◆ **WORK REQUEST**
The answer must consist only of the lines from the line with "Q: Monospaced? A: Yes." to the line with "The image shows 63", both included, exactly as they stand below.

Segment Start: EXERCISE MATERIAL

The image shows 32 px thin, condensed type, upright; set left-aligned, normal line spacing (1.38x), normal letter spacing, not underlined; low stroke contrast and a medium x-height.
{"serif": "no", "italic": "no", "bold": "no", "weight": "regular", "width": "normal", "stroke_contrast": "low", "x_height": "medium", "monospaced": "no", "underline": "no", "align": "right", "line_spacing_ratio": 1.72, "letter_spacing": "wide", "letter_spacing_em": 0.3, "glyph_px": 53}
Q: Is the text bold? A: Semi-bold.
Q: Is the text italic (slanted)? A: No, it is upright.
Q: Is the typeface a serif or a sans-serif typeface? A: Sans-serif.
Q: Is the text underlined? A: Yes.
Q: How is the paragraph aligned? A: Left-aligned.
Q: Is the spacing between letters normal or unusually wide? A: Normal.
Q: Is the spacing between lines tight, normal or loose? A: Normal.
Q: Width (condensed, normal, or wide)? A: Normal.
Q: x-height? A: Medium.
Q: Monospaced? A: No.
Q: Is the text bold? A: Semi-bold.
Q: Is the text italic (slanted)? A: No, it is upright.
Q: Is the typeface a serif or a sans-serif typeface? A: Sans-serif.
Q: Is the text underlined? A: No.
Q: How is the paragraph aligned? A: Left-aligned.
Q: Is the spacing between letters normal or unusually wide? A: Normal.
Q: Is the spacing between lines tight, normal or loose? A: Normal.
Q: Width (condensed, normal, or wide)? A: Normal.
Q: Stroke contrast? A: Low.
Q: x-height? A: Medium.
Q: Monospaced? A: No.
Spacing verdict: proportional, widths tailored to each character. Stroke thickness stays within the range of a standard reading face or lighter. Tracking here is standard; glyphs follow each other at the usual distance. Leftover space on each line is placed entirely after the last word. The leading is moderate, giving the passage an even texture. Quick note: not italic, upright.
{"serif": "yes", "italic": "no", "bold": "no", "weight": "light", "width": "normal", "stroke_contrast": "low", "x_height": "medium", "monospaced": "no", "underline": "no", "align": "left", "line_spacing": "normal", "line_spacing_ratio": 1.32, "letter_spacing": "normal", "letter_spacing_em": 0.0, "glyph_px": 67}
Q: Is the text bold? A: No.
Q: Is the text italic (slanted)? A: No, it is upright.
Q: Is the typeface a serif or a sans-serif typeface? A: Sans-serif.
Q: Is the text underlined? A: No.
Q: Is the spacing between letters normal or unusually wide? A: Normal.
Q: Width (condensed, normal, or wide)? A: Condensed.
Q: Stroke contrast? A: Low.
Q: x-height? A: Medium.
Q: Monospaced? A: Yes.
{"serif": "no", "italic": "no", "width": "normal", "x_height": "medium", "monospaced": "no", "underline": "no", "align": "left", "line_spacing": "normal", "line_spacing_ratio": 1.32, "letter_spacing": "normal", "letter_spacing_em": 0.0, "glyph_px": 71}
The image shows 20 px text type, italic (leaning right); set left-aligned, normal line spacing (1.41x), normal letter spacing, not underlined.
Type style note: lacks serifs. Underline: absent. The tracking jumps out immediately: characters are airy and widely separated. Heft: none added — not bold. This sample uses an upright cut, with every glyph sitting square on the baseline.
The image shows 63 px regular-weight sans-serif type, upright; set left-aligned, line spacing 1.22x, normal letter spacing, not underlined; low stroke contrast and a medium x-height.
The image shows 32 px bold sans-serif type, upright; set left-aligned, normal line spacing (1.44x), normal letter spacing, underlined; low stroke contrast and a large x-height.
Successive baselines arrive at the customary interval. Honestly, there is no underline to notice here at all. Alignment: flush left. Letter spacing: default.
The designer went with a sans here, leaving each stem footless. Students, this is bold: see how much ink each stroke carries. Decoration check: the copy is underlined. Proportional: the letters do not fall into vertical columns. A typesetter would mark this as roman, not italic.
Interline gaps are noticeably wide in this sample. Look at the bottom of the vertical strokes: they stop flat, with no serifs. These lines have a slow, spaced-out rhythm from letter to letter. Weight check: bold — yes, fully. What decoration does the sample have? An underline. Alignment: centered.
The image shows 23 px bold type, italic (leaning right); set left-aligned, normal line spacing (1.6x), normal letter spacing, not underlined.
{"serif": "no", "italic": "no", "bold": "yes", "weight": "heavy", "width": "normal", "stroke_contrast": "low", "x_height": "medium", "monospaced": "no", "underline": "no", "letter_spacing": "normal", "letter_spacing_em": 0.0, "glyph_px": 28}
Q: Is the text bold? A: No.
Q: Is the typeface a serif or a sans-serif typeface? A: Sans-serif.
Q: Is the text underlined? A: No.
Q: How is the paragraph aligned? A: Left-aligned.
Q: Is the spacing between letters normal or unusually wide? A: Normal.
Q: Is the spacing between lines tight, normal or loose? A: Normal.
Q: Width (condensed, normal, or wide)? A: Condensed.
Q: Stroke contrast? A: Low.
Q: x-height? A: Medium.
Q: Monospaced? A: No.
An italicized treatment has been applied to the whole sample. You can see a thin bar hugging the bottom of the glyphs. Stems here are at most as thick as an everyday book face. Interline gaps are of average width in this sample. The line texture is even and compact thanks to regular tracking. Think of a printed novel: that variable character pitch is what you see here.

Segment End: EXERCISE MATERIAL

◆ **EXPECTED ANSWER**
Q: Monospaced? A: Yes.
{"serif": "no", "italic": "no", "width": "normal", "x_height": "medium", "monospaced": "no", "underline": "no", "align": "left", "line_spacing": "normal", "line_spacing_ratio": 1.32, "letter_spacing": "normal", "letter_spacing_em": 0.0, "glyph_px": 71}
The image shows 20 px text type, italic (leaning right); set left-aligned, normal line spacing (1.41x), normal letter spacing, not underlined.
Type style note: lacks serifs. Underline: absent. The tracking jumps out immediately: characters are airy and widely separated. Heft: none added — not bold. This sample uses an upright cut, with every glyph sitting square on the baseline.
The image shows 63 px regular-weight sans-serif type, upright; set left-aligned, line spacing 1.22x, normal letter spacing, not underlined; low stroke contrast and a medium x-height.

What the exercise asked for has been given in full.